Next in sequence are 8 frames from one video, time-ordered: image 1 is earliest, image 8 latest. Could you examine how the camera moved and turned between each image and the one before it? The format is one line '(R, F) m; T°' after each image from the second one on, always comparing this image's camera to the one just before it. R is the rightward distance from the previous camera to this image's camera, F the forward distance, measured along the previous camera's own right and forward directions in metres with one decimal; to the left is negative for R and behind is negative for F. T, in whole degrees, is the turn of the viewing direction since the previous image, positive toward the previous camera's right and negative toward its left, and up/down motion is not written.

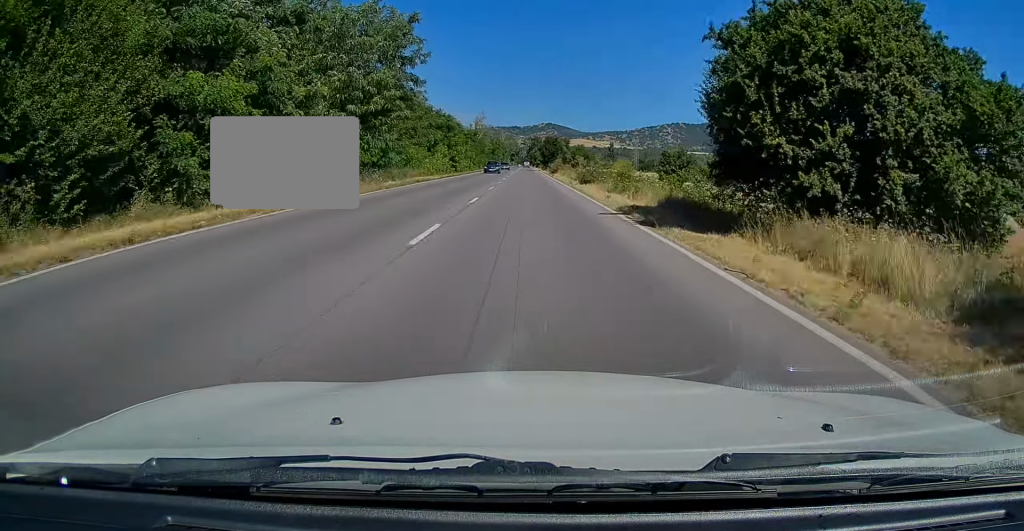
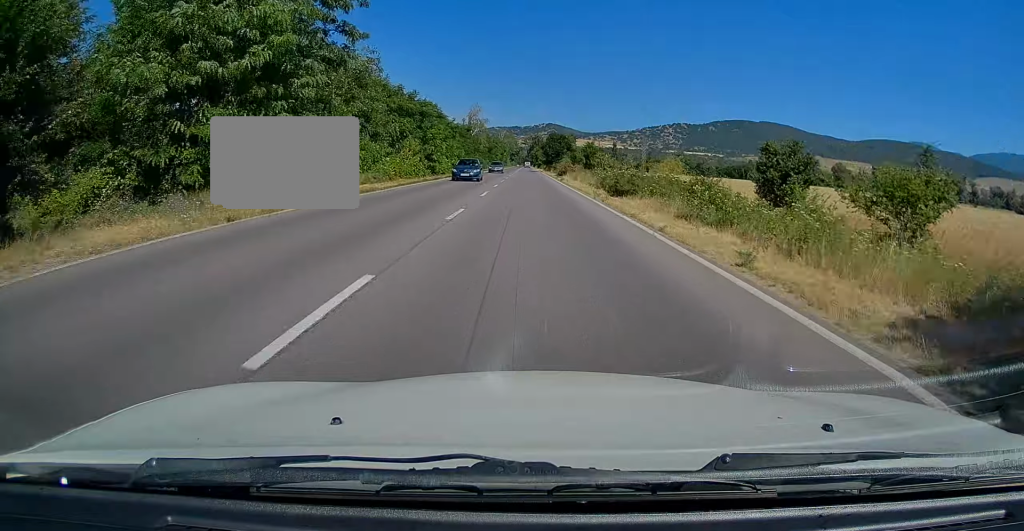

....

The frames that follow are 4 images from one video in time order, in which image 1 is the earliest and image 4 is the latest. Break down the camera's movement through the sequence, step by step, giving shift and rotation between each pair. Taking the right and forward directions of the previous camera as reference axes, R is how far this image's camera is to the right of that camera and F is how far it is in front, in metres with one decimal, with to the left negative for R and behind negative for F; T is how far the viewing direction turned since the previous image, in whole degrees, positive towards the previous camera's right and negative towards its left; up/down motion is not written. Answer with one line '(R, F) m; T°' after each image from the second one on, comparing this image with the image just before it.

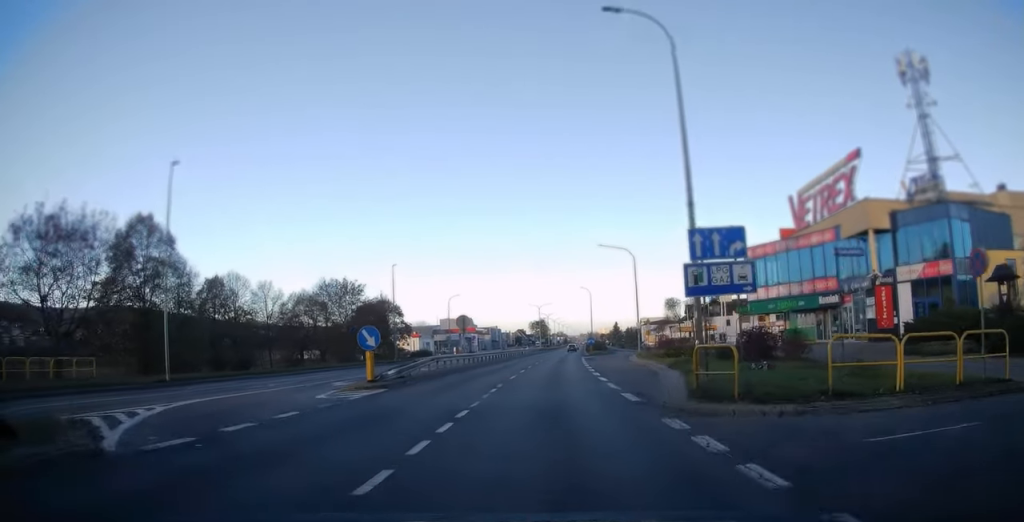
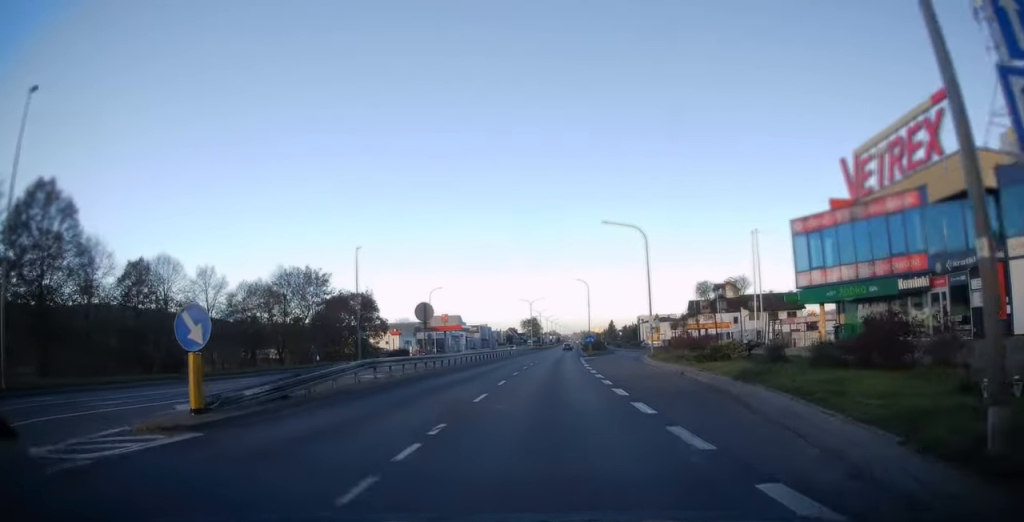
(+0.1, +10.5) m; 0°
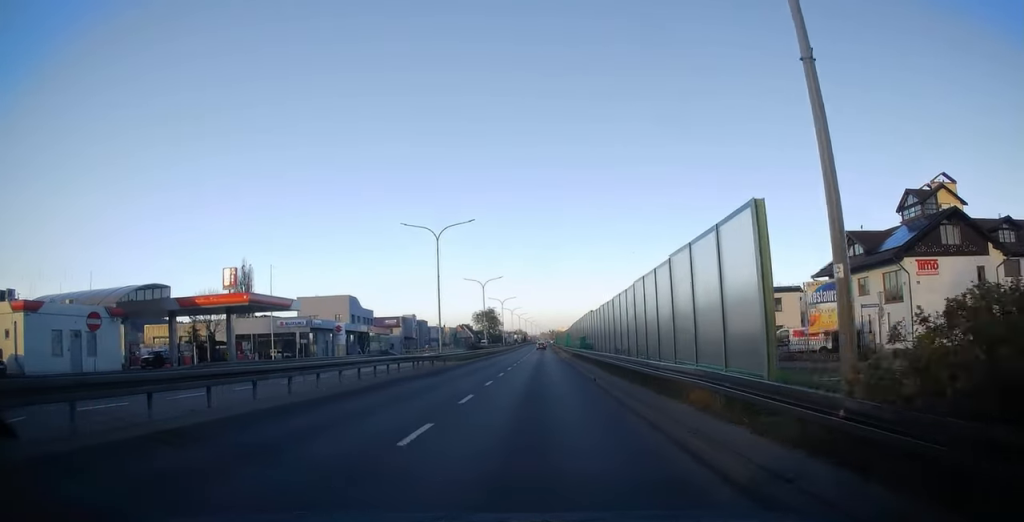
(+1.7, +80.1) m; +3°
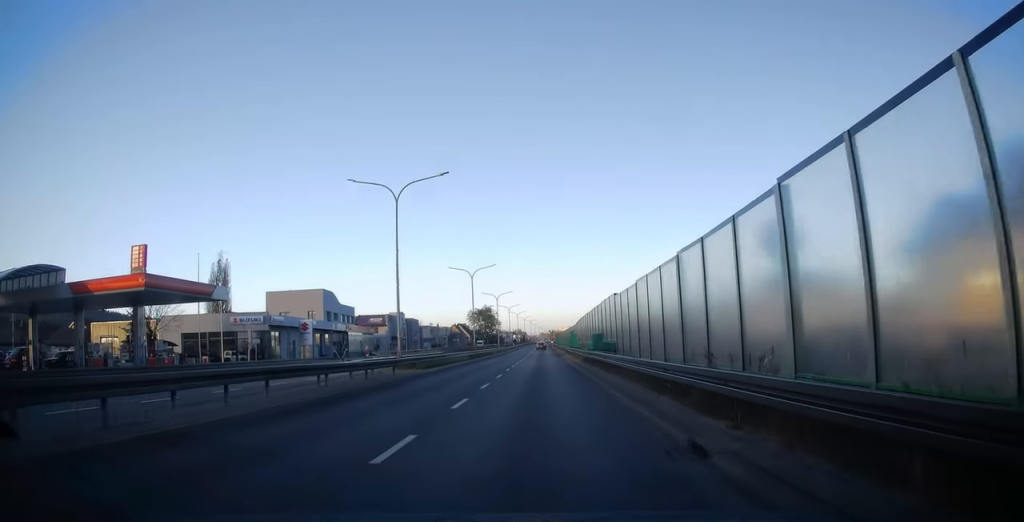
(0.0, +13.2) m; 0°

....

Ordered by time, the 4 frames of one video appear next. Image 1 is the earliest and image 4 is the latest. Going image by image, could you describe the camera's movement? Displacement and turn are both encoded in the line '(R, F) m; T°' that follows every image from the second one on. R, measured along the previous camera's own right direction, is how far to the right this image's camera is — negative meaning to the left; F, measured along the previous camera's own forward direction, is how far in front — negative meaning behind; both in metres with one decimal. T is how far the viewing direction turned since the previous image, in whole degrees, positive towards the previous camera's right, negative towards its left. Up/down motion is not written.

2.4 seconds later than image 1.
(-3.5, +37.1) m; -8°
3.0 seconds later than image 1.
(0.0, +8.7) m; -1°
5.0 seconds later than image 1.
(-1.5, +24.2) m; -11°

....

### Your objective
Pick out, from the lines above, every one that contains the string "measured".

### Response area
Next in sequence are 8 frames from one video, time-ordered: image 1 is earliest, image 8 latest. Could you examine how the camera moved and turned between each image and the one before it? The format is one line '(R, F) m; T°' after each image from the second one on, always comparing this image's camera to the one just before it. R is the rightward distance from the previous camera to this image's camera, F the forward distance, measured along the previous camera's own right and forward directions in metres with one decimal; to the left is negative for R and behind is negative for F. T, in whole degrees, is the turn of the viewing direction since the previous image, positive toward the previous camera's right and negative toward its left, and up/down motion is not written.
Ordered by time, the 4 frames of one video appear next. Image 1 is the earliest and image 4 is the latest. Going image by image, could you describe the camera's movement? Displacement and turn are both encoded in the line '(R, F) m; T°' that follows every image from the second one on. R, measured along the previous camera's own right direction, is how far to the right this image's camera is — negative meaning to the left; F, measured along the previous camera's own forward direction, is how far in front — negative meaning behind; both in metres with one decimal. T is how far the viewing direction turned since the previous image, in whole degrees, positive towards the previous camera's right, negative towards its left. Up/down motion is not written.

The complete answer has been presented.